The only use cases I can think of are the following:

  1. Generating CLI apps where I don't expect people to be willing to rely on a framework (jbang's native support seems to be a good option for such cases)
  2. Generating reproducers for https://github.com/oracle/graal/
  3. Generating demos in courses, workshops, presentations etc.

I agree that a minimal project one could git clone would probably suffice.

melix commented 7 months ago

Let's check our options.

  1. Generating CLI apps where I don't expect people to be willing to rely on a framework

Given that for CLI apps you are likely to implement CLI parsing, you will minimally use something like Picocli. With Micronaut you'd just change the mn command to mn create-cli-app clidemo and there you go, a native CLI app. I'm not familiar with JBang's native support, but it may be sufficient too.

  1. Generating reproducers for https://github.com/oracle/graal/

Right, this one may be useful to do without external frameworks. Copying one of the samples or cloning a demo repo might be good enough though.

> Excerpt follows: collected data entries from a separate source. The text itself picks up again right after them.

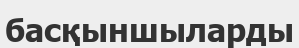
басқыншыларды
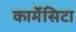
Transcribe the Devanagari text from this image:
कार्मेंसिटा
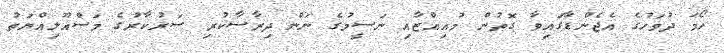
ހޯމަ ދުވަހުގެ އެޖެންޑާގައިވާ ގޮތުން މުއިއްޒާއި ނަސީމުގެ ނަން ދިރާސާކުރި ސަރުކާރުގެ މަސްއޫލިއްޔަތު
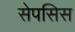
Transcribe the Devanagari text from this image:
सेपसिस
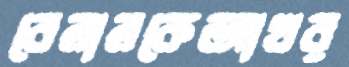
বেলালকেআখর
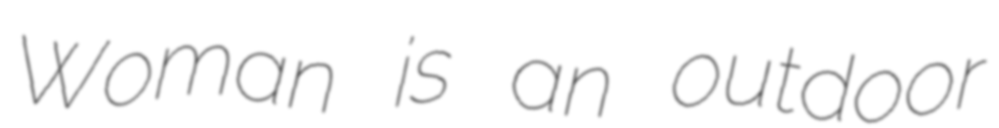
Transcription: Woman is an outdoor
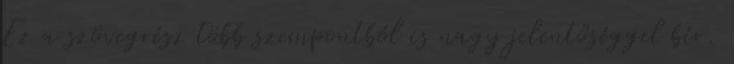
Ez a szövegrész több szempontból is nagy jelentőséggel bír.
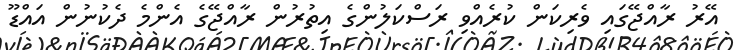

  1. Generating demos in courses, workshops, presentations etc.

Well, same here. Either cloning a repo or using commands like mn create-app is IMO good enough. That's what I typically do in my own presentations (either using the mn CLI app, which I can also explain is actually built with native-image, or using the web UI which I also explain is deployed as a native image on multiple clouds). Of course the drawback of using mn or quarkus or the equivalent Spring thing in a presentation is that you're not there to talk about such frameworks. But, it's again a tradeoff here about us maintaining such a tool vs the simplicity of copy/pasting a sample.